In a company, the role of a director is one of the key factors that can determine the fate of the company in the future. The leadership and dedication of a director are one of the recipes for the overall development that cannot be ignored.

The same thing applies in the limited company. The director in the private or limited company has a vital role in developing and carrying out the company’s operation. Usually, directors are divided into several special positions such as marketing directors, warehousing directors, sales directors, or finance directors.

Each director in those positions has special authorities and different duties. However, all of the directors are in equal positions with each other. Therefore, the question begins to arise; is it possible to get rid of a director with his equity shared by other directors?

Understanding The Law Concerning This Issue

First of all, it is very important to understand that there are two types of functional positions in a company that has specific legal rules regarding the dismissal of the individual concerned.

The first is the director. A director does not have a boss or supervisor other than shareholders. Therefore the director can only be dismissed through voting by the shareholders at the General Meeting of Shareholders (in Indonesia this meeting is known as RUPS.

The provisions regarding procedures and stages of removal of a director through RUPS have been fully regulated through law. This rule also concerns the right to defend the position and the company's right to temporarily terminate a director for 30 days (maximum) before giving the final decision.

The second position is the shareholder.

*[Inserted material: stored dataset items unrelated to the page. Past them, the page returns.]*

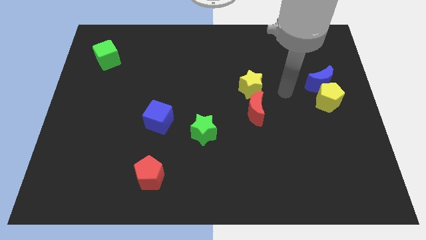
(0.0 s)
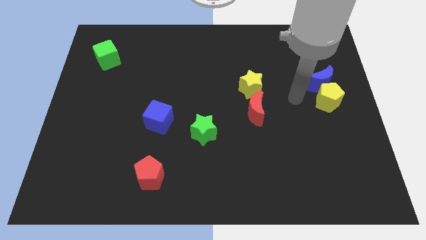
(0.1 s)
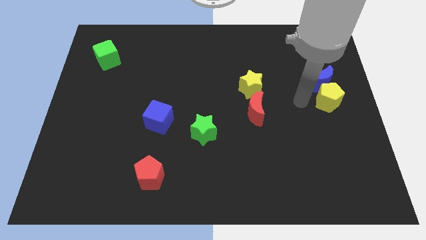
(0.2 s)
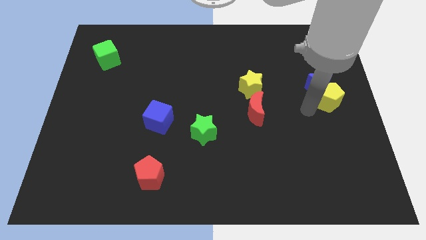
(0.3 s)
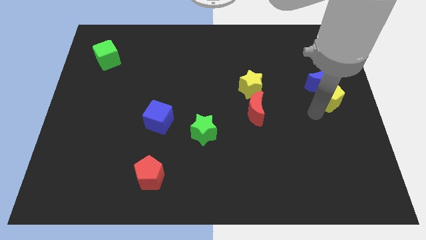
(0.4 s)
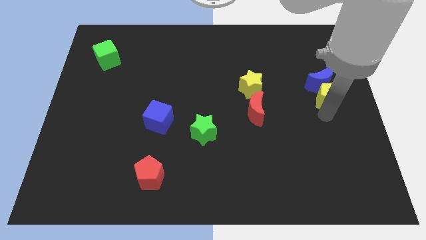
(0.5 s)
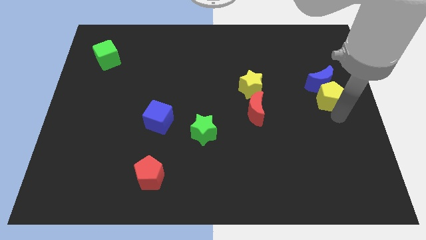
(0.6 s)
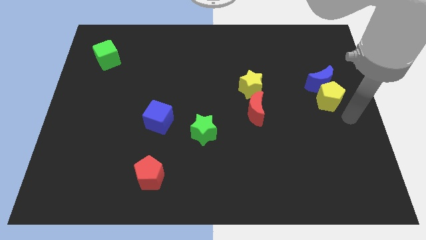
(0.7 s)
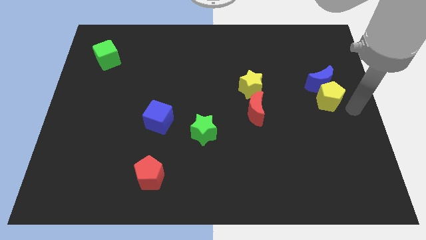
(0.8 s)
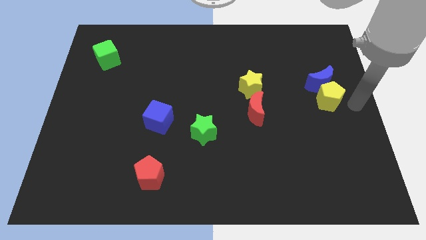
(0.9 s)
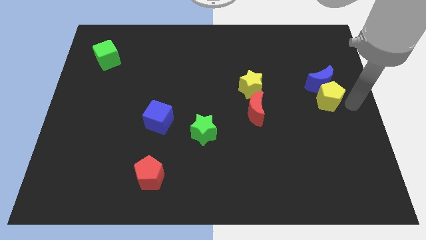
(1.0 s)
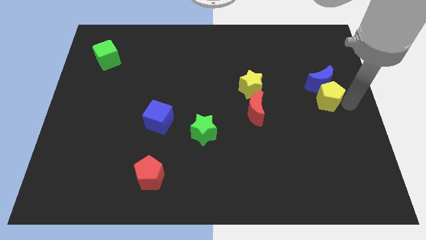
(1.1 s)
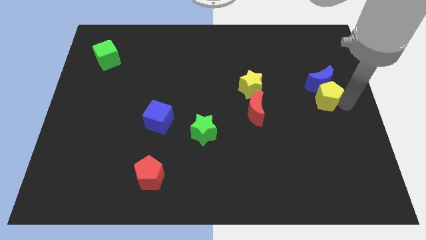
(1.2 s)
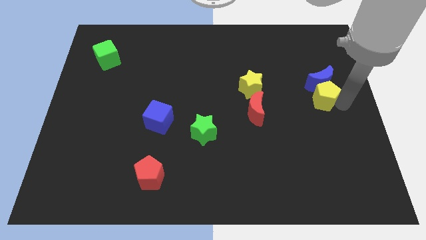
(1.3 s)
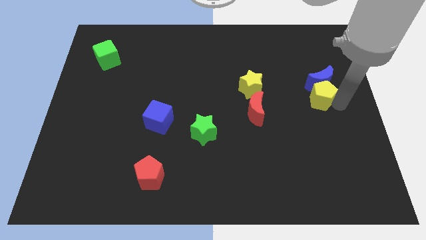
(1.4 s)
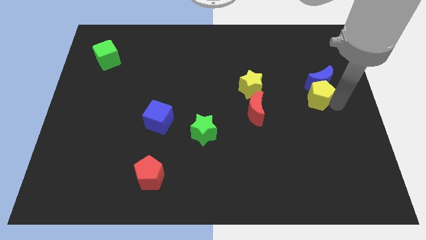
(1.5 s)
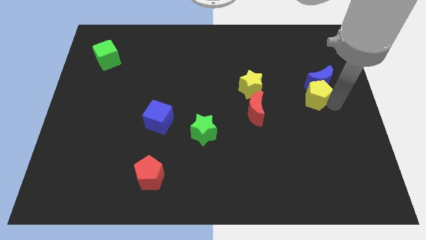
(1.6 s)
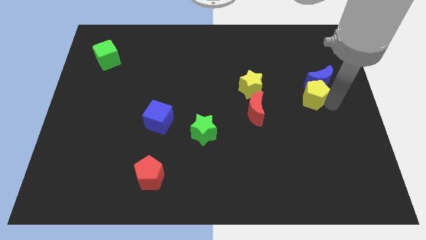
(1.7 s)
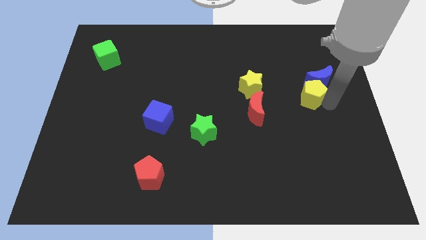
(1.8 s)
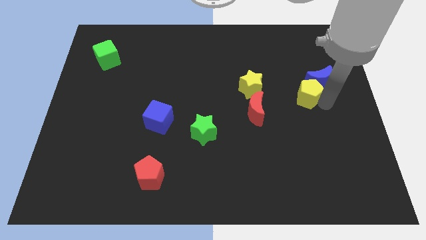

A shareholder cannot be dismissed from its position unless the shareholder is proven guilty to crime, violated company’s rule, or violated legal agreement toward the other shareholders. The troubled shareholder can be “forced” to sell his equity to the other shareholders or other parties.

The shareholders cannot be removed through RUPS because he also has voting rights at the meeting. This certainly creates contradictions. However, a member of the Board of Directors may be temporarily dismissed by the Board of Commissioners as long as the reasons are stated clearly. This regulation is in accordance with the rules stated in article 106 of the limited liability company law (UUPT).

Final Answer

Finally, form the facts above it can be concluded that a director can be removed from his position by voting him out during the General Meeting of Shareholders. However, the dismissal is not erased the equity he owns. As long as the individual is not violated any rules or law to retain the shares, he cannot be removed as a shareholder arbitrarily.

In fact, in cases like this, a director who is also a shareholder will usually be "forced" to sell his shares before or after being removed from his position to avoid any legal problems in the future. However, in the end, he decides to retain or sell his shares. 

Knowing Another Option

Another option to solve this issue is reinvesting the company's current gains and offer a buyback through that money or any personal capital via a secondary stake sale. After all, offering him a generous return on his investment should solve the problem smoothly.